The Precision Machining Technology (PMT) program at Southwestern Illinois College (SWIC) ranks among the nation’s top performers for preparing students to meet today’s increased demand for machinists, programmers and CNC machine operators.
At its Granite City, Illinois, campus, the community college offers an associate degree in precision machining technology along with a number of specialized career certificate programs including CNC machining, advanced CNC programming and a certificate in Mastercam CAD/CAM software from CNC Software LLC., Tolland, Conn.

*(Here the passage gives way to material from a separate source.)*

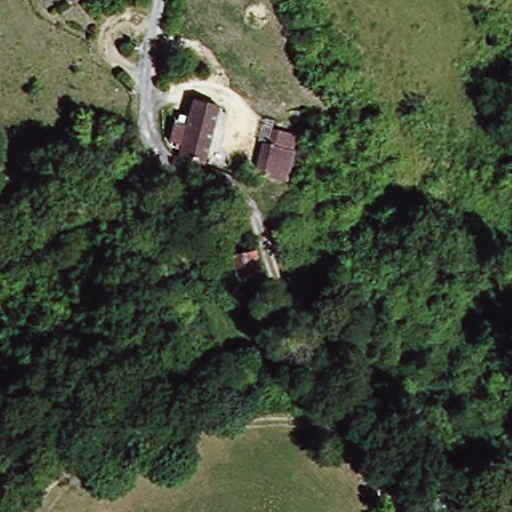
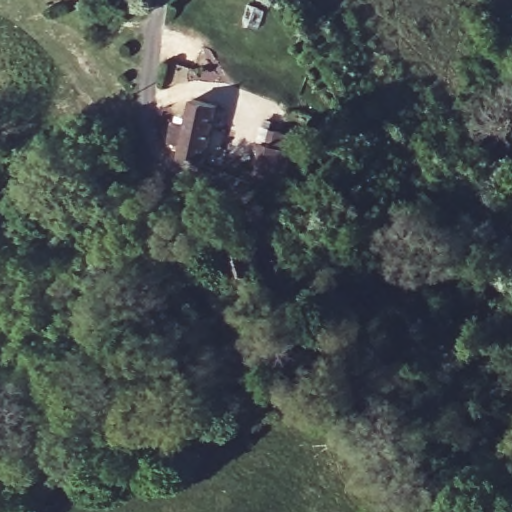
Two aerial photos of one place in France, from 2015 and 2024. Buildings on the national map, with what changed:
unchanged [(187,151),(173,146),(177,135),(181,121),(192,124),(199,100),(218,105),(205,162),(185,157),(187,151)]
unchanged [(297,137),(295,152),(288,184),(270,182),(253,177),(261,146),(271,147),(275,133),(297,137)]
unchanged [(221,282),(213,254),(242,245),(251,273),(221,282)]

“Not only do we strive to prepare our students with strong technical skills, we work to keep our curriculum relevant—with student employability being our highest priority,” says Mark Bosworth, industrial technology coordinator. “We are proud of our placement rate of over 98% for students completing the precision machining technology program.”
CNC on the Go
Helping with outreach and exposure for the machining program is SWIC’s CNC mobile lab, a 34-ft (10-m) trailer equipped with four Tormach CNC mills, two Tormach lathes and Mastercam CAD/CAM software. The lab brings a “What CNC machining is all about” mantra and technology to public venues, large-scale events, schools (grade, middle and high) and even offers its equipment to area high schools that are launching machining programs.

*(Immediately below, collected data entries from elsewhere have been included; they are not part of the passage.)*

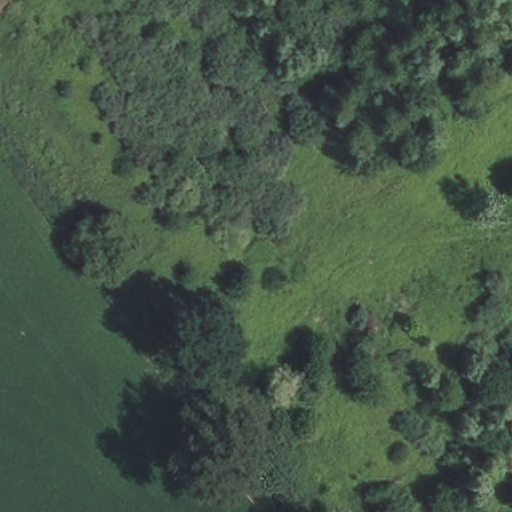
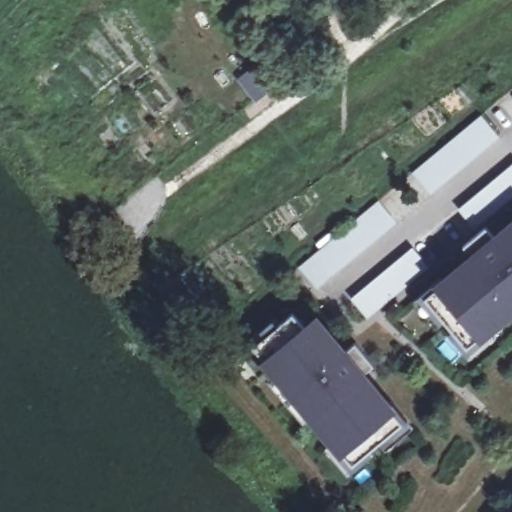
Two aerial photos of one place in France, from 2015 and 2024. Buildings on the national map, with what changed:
new [(482,116),(500,137),(431,194),(414,173),(482,116)]
new [(474,227),(460,210),(512,167),(512,195),(474,227)]
new [(379,202),(397,223),(318,289),(300,268),(379,202)]
new [(485,229),(490,236),(512,219),(512,316),(479,342),(477,338),(466,347),(426,297),(437,289),(433,284),(468,254),(465,246),(485,229)]
new [(427,265),(366,316),(352,300),(414,248),(427,265)]
new [(295,313),(305,325),(317,315),(346,349),(355,342),(373,364),(365,371),(398,410),(393,413),(401,423),(352,464),(345,453),(340,456),(308,419),(304,422),(270,382),(274,378),(260,361),(263,358),(254,346),(295,313)]

The mobile lab travels to more than 50 events each year, including three national races at the World Wide Technology Raceway (Madison, Illinois). It was on site at the inaugural NASCAR race in 2022 and was part of this year’s NASCAR race, along with NHRA hotrod and IndyCar Series races.

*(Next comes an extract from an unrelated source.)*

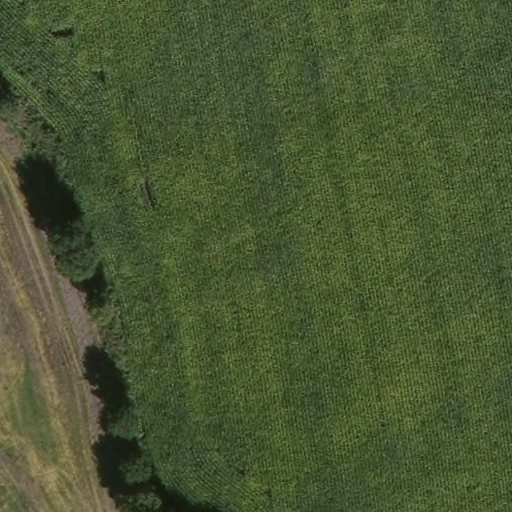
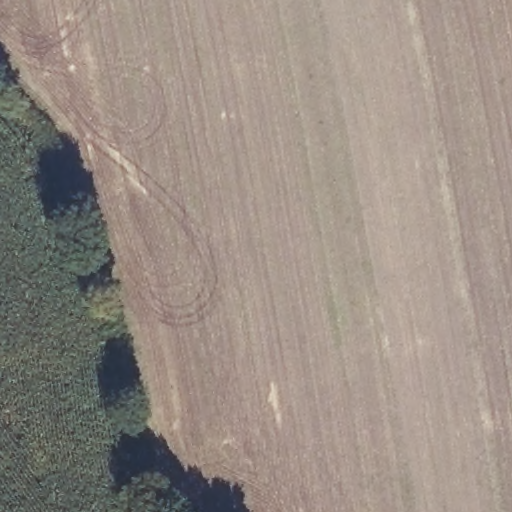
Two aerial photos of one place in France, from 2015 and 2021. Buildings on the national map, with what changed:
[]

“The racing events have allowed us to capture the attention of over 50,000 spectators at each gathering, expanding the reach of our efforts even further,” Bosworth says. “But the impact of our mobile CNC lab extends beyond schools and races. We were honored to be invited to participate in the Illinois State Fair in Springfield for its STEM expo over the past few years.”
Mastercam programming and CNC machining were demonstrated as part of the expo, an event highlighting innovation and emerging career and educational opportunities in STEM fields.
In addition, the Illinois Skills USA contest has used the lab for its CNC contests in Peoria, further promoting SWIC’s presence in various educational and skill-building events. Thanks to these efforts, the CNC lab’s impact has not gone unnoticed. Requests come in from out-of-state schools wishing to experience the lab firsthand. Several colleges and organizations have contacted SWIC about creating similar mobile labs for their own regions.
SWIC’s precision machining technology program costs $15,000, which is said to be about half that of local private institutions.
Training for Career Success
The tech program and hands-on training take place in SWIC’s manufacturing training center, a 23,500-sq-ft (2,180-sq-m) facility equipped with various Haas machining equipment, including a five-axis Haas UMC-750SS.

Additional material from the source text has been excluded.